After I came back – John had taken the dogs to frolic in the local off-leash park – we headed off to Granville Island. This is an recreation and shopping district which was created in an old industrial zone on the shore of False Creek, just south of downtown. There is still a little bit of manufacturing going on, but it mostly consists of restaurants and small boutique shops. There are lots of open spaces for performers, and on a warm Sunday like today, there were lots of performers. We watched a Japanese dance show, a Spanish guitarist, and a French cafe chanteur.
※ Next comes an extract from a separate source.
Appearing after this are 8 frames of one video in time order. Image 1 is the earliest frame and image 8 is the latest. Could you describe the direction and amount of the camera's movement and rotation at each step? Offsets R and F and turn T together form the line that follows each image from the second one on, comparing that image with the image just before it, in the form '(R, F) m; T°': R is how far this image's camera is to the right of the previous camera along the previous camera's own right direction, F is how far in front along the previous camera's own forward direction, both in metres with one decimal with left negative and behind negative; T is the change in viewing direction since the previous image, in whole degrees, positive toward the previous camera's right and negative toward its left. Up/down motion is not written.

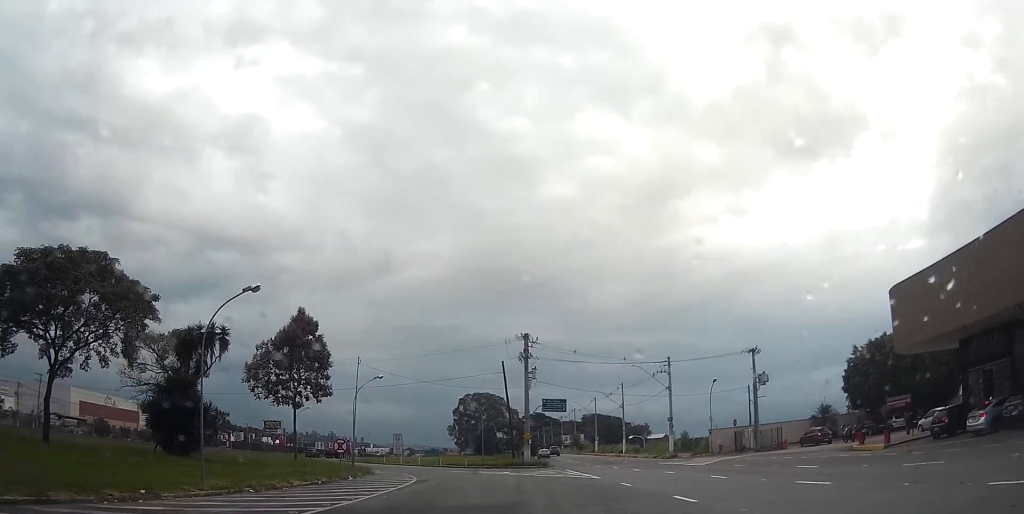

This is the island, lying under the Granville Street Bridge, as seen from the Burrard Street Bridge.

Granville Island

At first, both John and I saw this as another tourist attraction, even if one which is environmentally aware, much like Pier 39 in San Francisco or South Street Seaport in New York. But what sets Granville Island apart, what makes it a draw for locals as well, is the Public Market on the Island. The numerous stalls here sell every kind of fish, meat, vegetable, fruit, and cheese imaginable, all of it fresh, and much of it local.

Public Market

Our only disappointment of the day came when tried to locate the off-leash dog park at Spanish Bank park. The beaches which stretch along the south coast of English Bay are quite lovely, but the one stretch of it which is supposedly OK for canines is NOT at all well-marked. But as we went along looking for it, we did see some of the nicest neighborhoods in Vancouver. 

Jericho_Beach

We  went back to the apartment and gave the dogs their dinner. We then went back to the shores of False Creek to see Much Ado About Nothing at the Bard on the Beach Shakespeare Festival. The plays here are performed in tents just on the shore. The back of each tent, where the stage is located, if opened to show the mountains of North Vancouver and the ships passing by in the bay. Nature becomes the ultimate backdrop.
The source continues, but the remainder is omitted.